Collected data

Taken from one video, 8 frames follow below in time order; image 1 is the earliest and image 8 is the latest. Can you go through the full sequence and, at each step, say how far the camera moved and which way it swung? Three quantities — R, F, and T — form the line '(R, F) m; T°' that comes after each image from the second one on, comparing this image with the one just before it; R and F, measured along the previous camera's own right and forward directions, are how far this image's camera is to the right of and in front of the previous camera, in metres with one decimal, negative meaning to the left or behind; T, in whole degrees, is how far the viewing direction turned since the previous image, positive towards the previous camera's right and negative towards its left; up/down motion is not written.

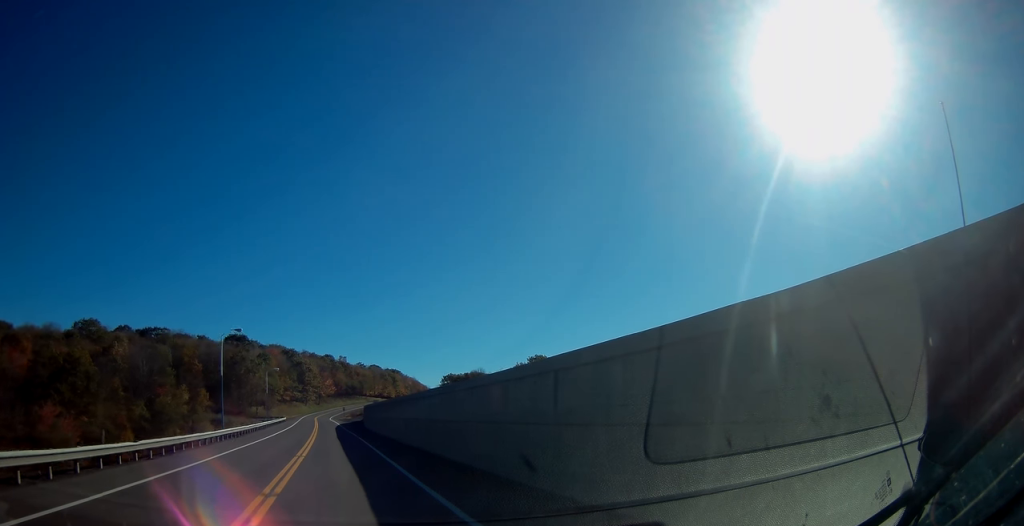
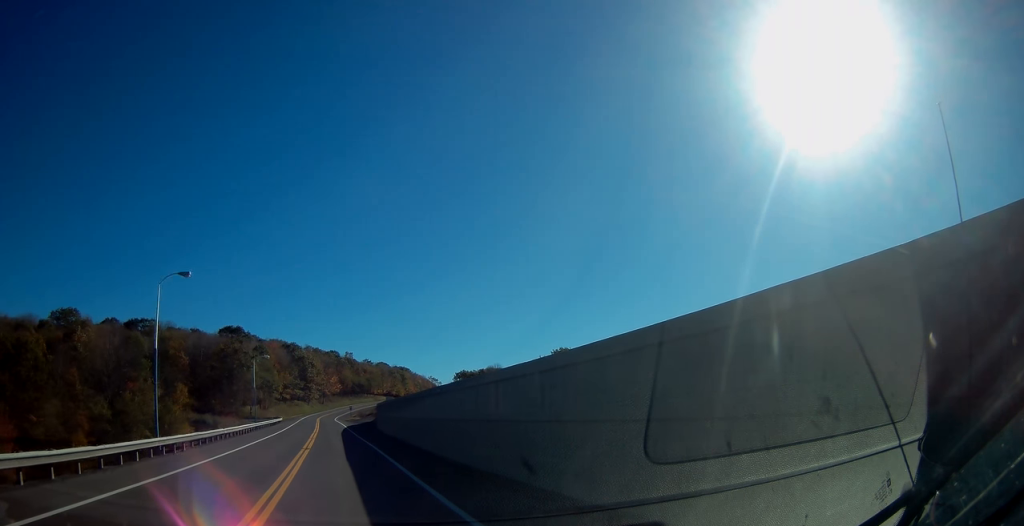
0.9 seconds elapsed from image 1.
(-0.2, +19.2) m; -1°
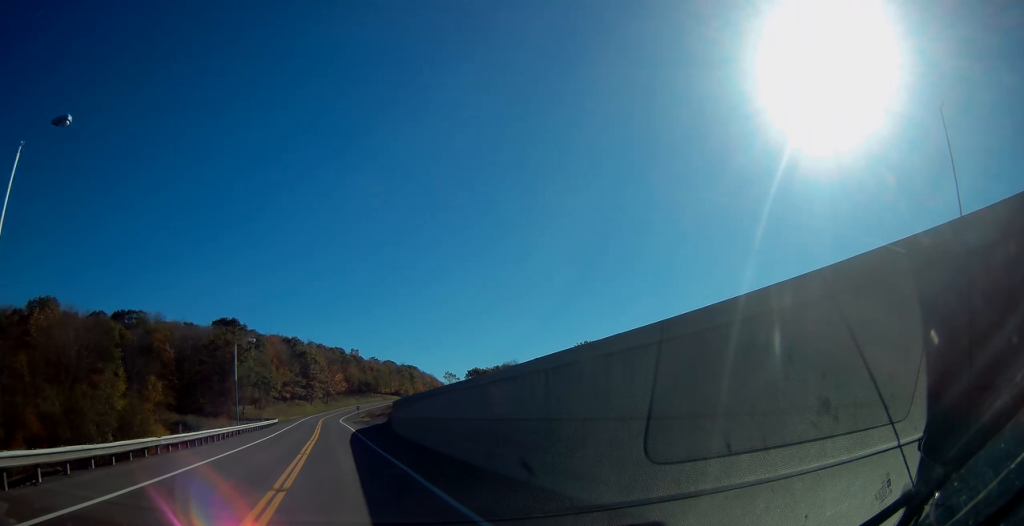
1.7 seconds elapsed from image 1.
(-0.1, +16.2) m; -1°
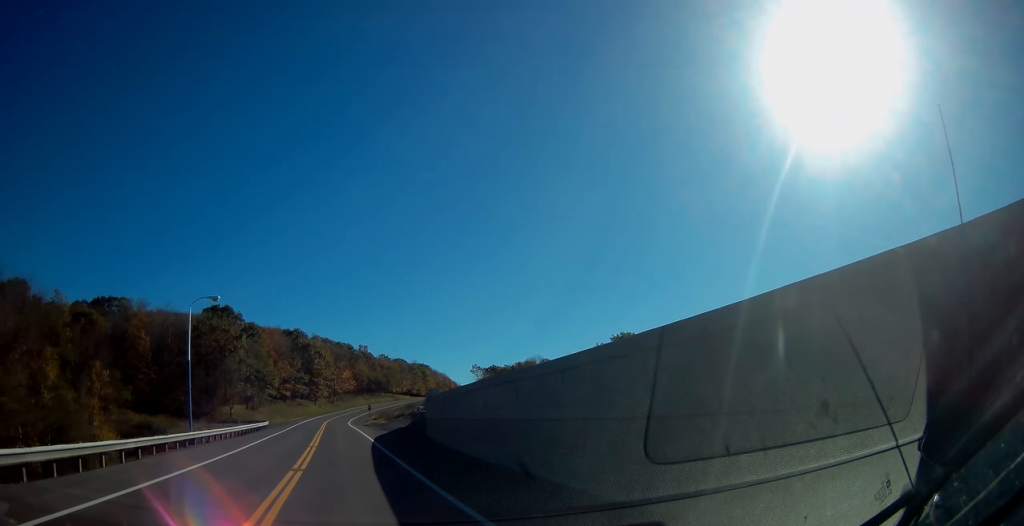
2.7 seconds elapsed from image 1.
(-0.2, +19.9) m; 0°
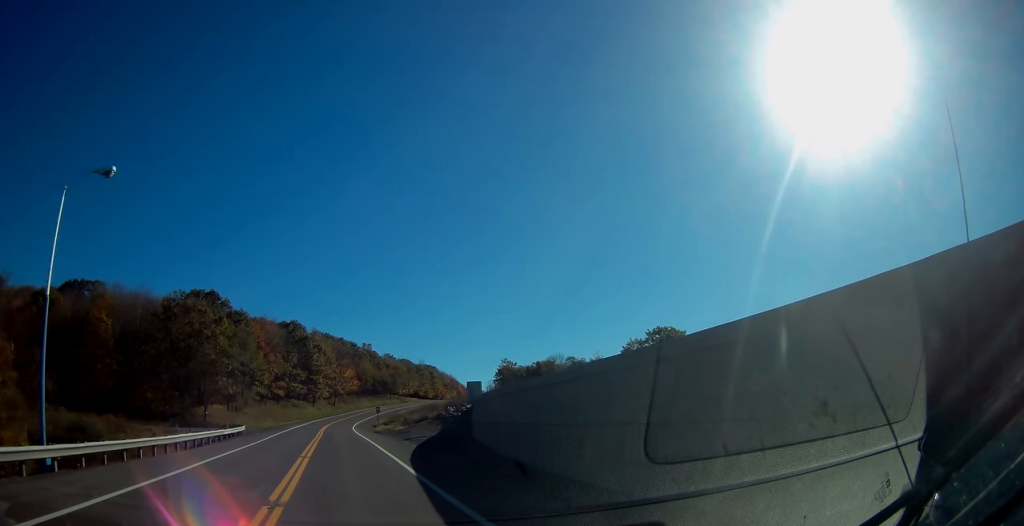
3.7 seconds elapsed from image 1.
(0.0, +18.9) m; 0°
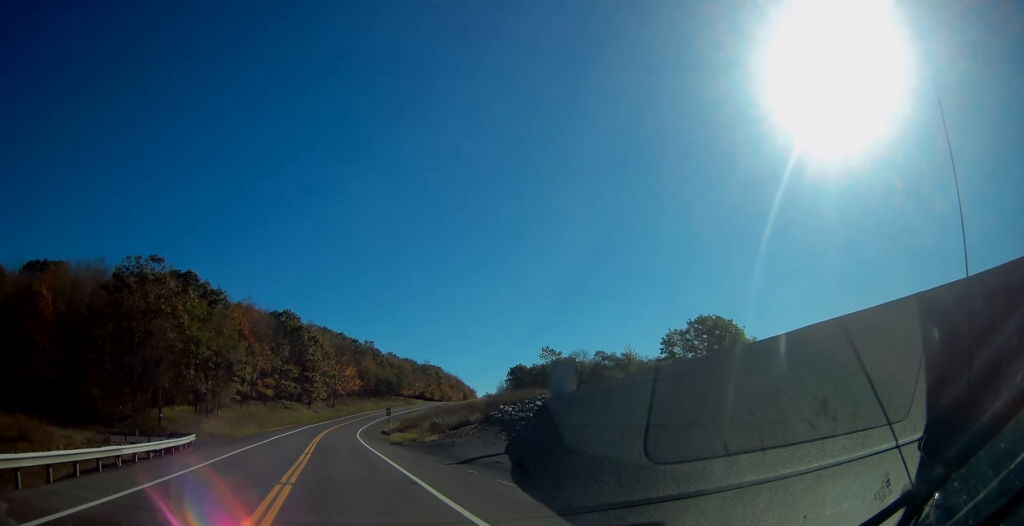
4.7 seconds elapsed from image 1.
(+0.1, +19.3) m; 0°
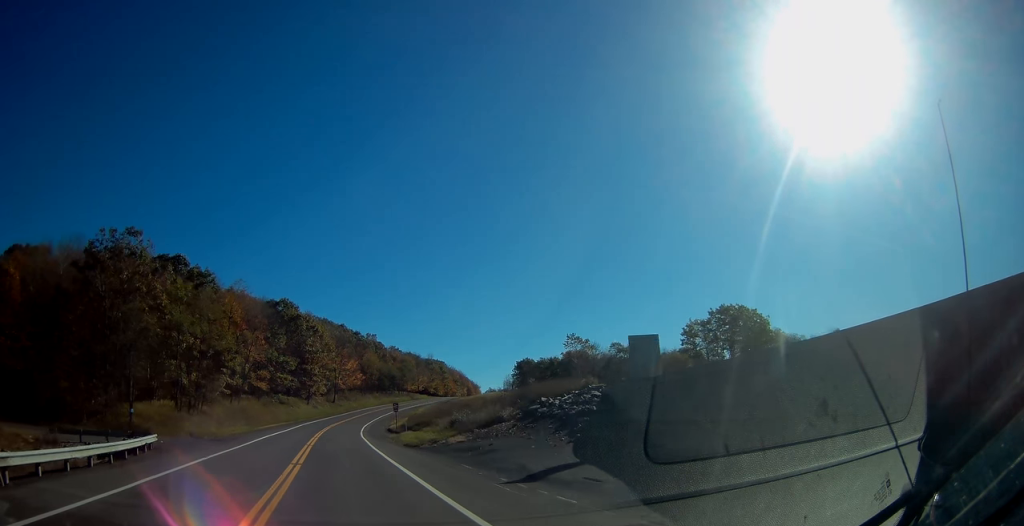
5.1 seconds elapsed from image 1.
(0.0, +8.3) m; 0°
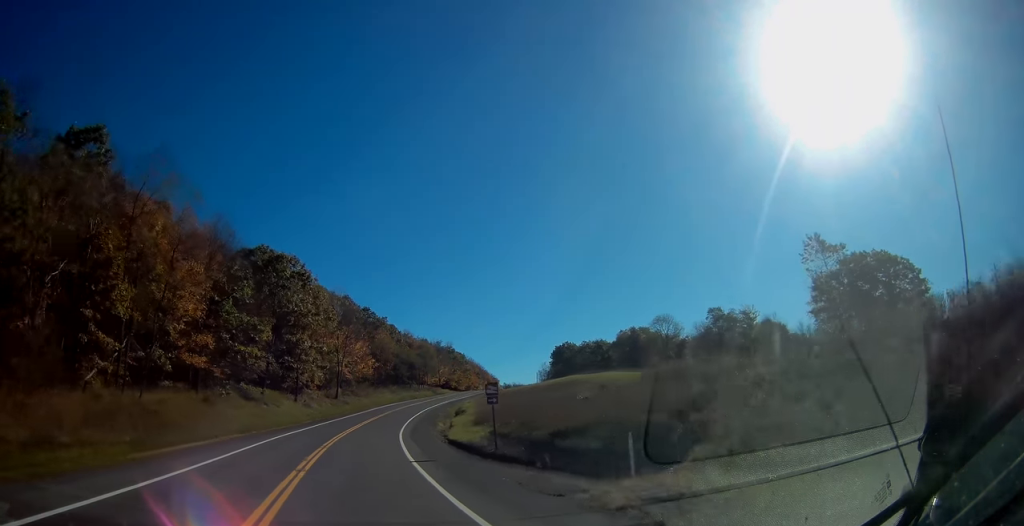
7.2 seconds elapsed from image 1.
(+0.2, +38.5) m; +1°
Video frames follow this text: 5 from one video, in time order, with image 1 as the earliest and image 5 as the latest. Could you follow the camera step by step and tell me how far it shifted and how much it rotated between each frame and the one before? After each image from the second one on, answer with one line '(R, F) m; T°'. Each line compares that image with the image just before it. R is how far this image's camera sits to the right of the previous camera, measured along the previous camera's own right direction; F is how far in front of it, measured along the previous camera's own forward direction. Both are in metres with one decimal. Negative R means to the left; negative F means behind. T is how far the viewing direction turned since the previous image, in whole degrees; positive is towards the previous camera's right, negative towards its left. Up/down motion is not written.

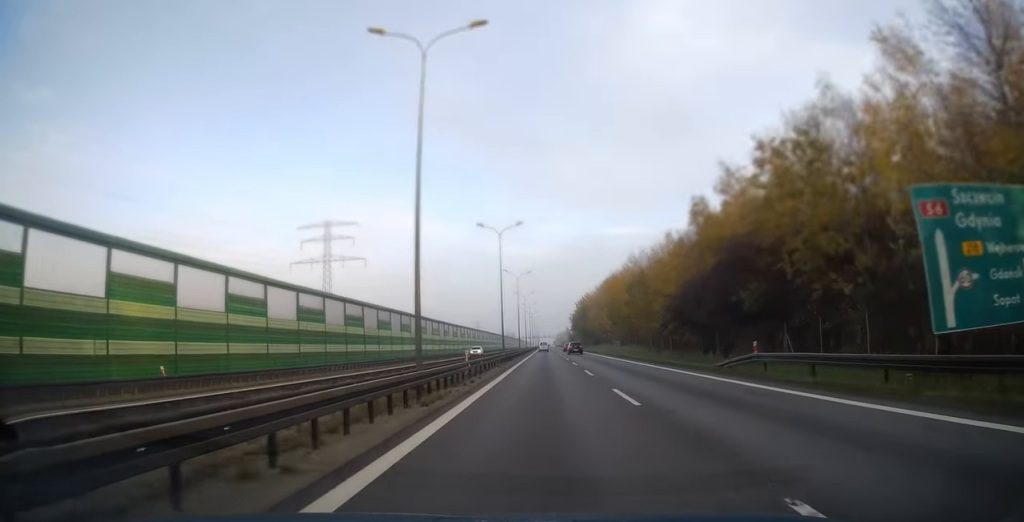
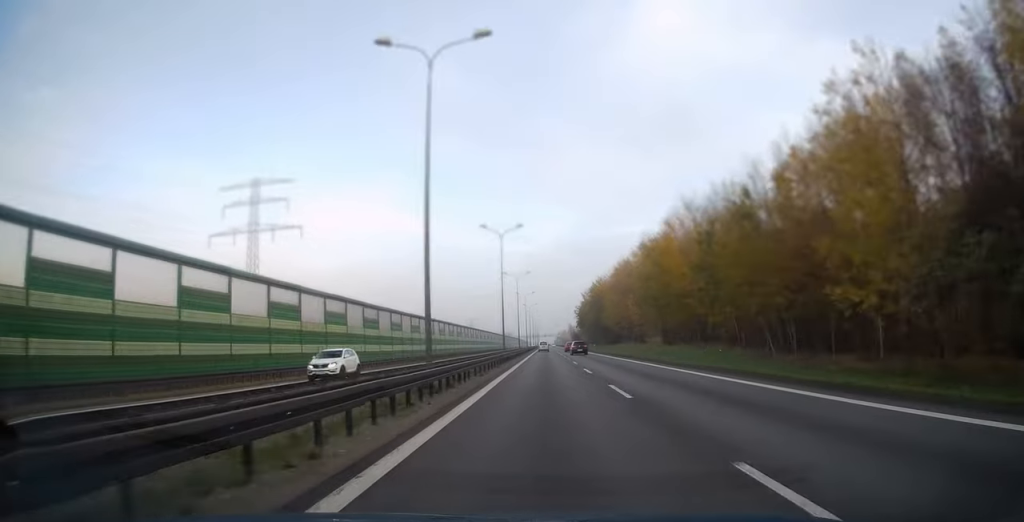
(0.0, +34.7) m; 0°
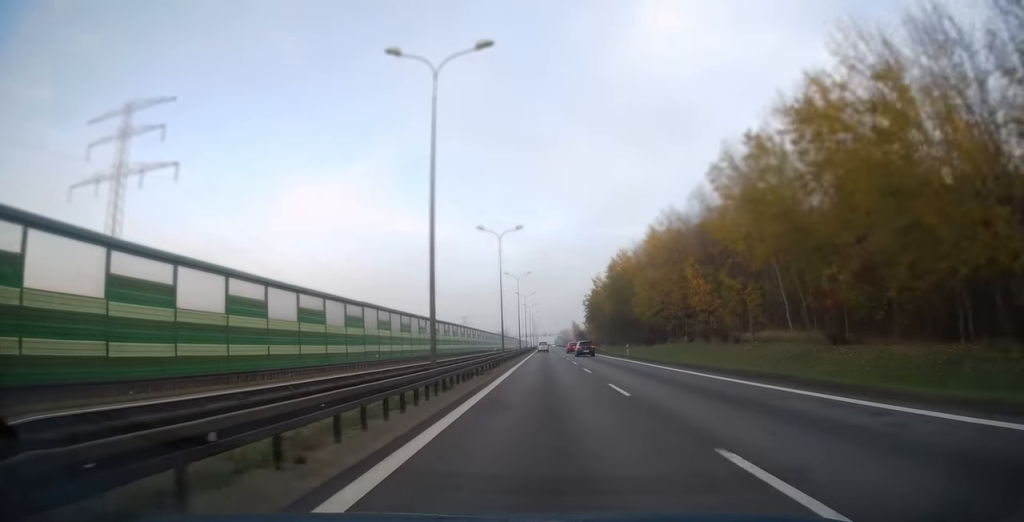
(0.0, +35.3) m; 0°
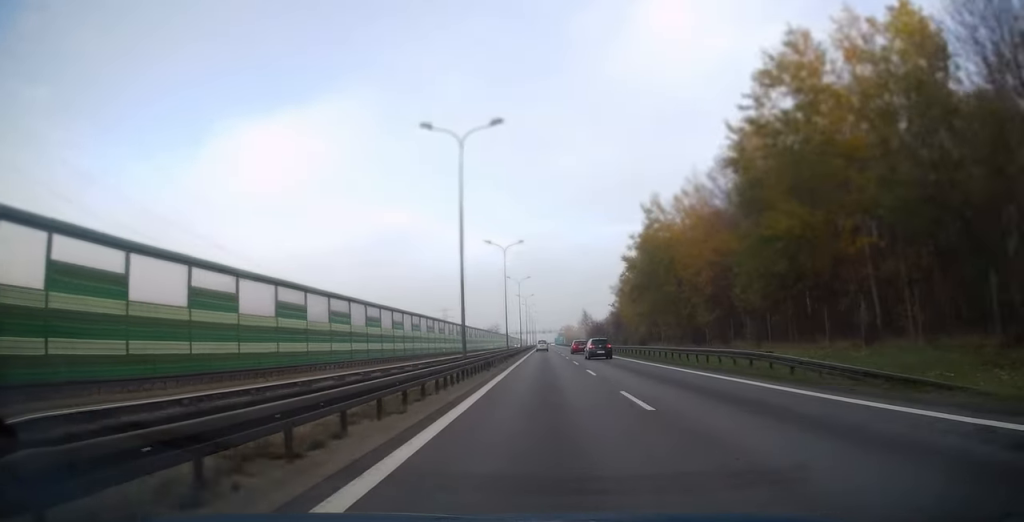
(+0.1, +63.6) m; 0°
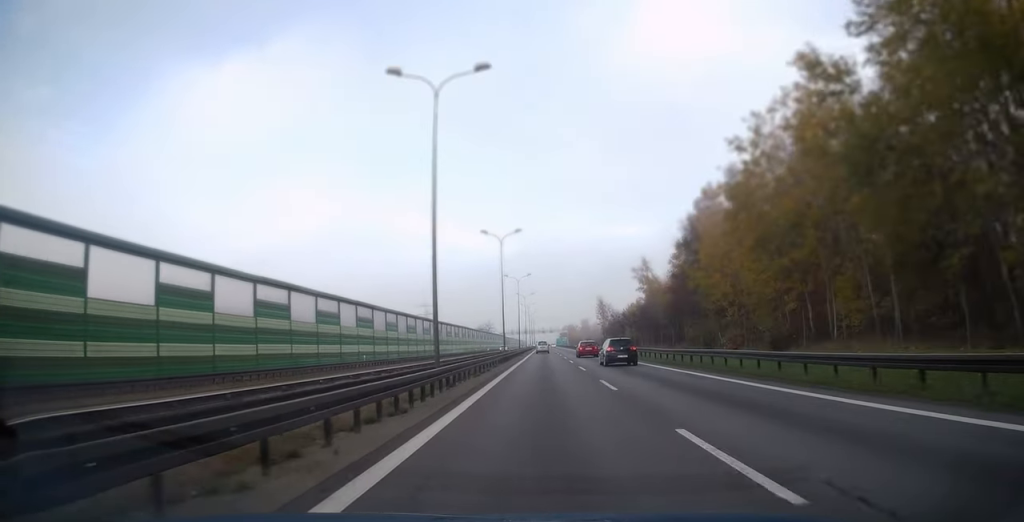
(-0.1, +42.8) m; 0°

### Task prompt
An exact restatement of the lines from the one holding "1.7 seconds elapsed from image 1." through the end of the entries, both ends included, is the whole answer. Pictures stay out.

### Exercise answer
1.7 seconds elapsed from image 1.
(-0.1, +16.2) m; -1°
2.7 seconds elapsed from image 1.
(-0.2, +19.9) m; 0°
3.7 seconds elapsed from image 1.
(0.0, +18.9) m; 0°
4.7 seconds elapsed from image 1.
(+0.1, +19.3) m; 0°
5.1 seconds elapsed from image 1.
(0.0, +8.3) m; 0°
7.2 seconds elapsed from image 1.
(+0.2, +38.5) m; +1°
Video frames follow this text: 5 from one video, in time order, with image 1 as the earliest and image 5 as the latest. Could you follow the camera step by step and tell me how far it shifted and how much it rotated between each frame and the one before? After each image from the second one on, answer with one line '(R, F) m; T°'. Each line compares that image with the image just before it. R is how far this image's camera sits to the right of the previous camera, measured along the previous camera's own right direction; F is how far in front of it, measured along the previous camera's own forward direction. Both are in metres with one decimal. Negative R means to the left; negative F means behind. T is how far the viewing direction turned since the previous image, in whole degrees; positive is towards the previous camera's right, negative towards its left. Up/down motion is not written.

(0.0, +34.7) m; 0°
(0.0, +35.3) m; 0°
(+0.1, +63.6) m; 0°
(-0.1, +42.8) m; 0°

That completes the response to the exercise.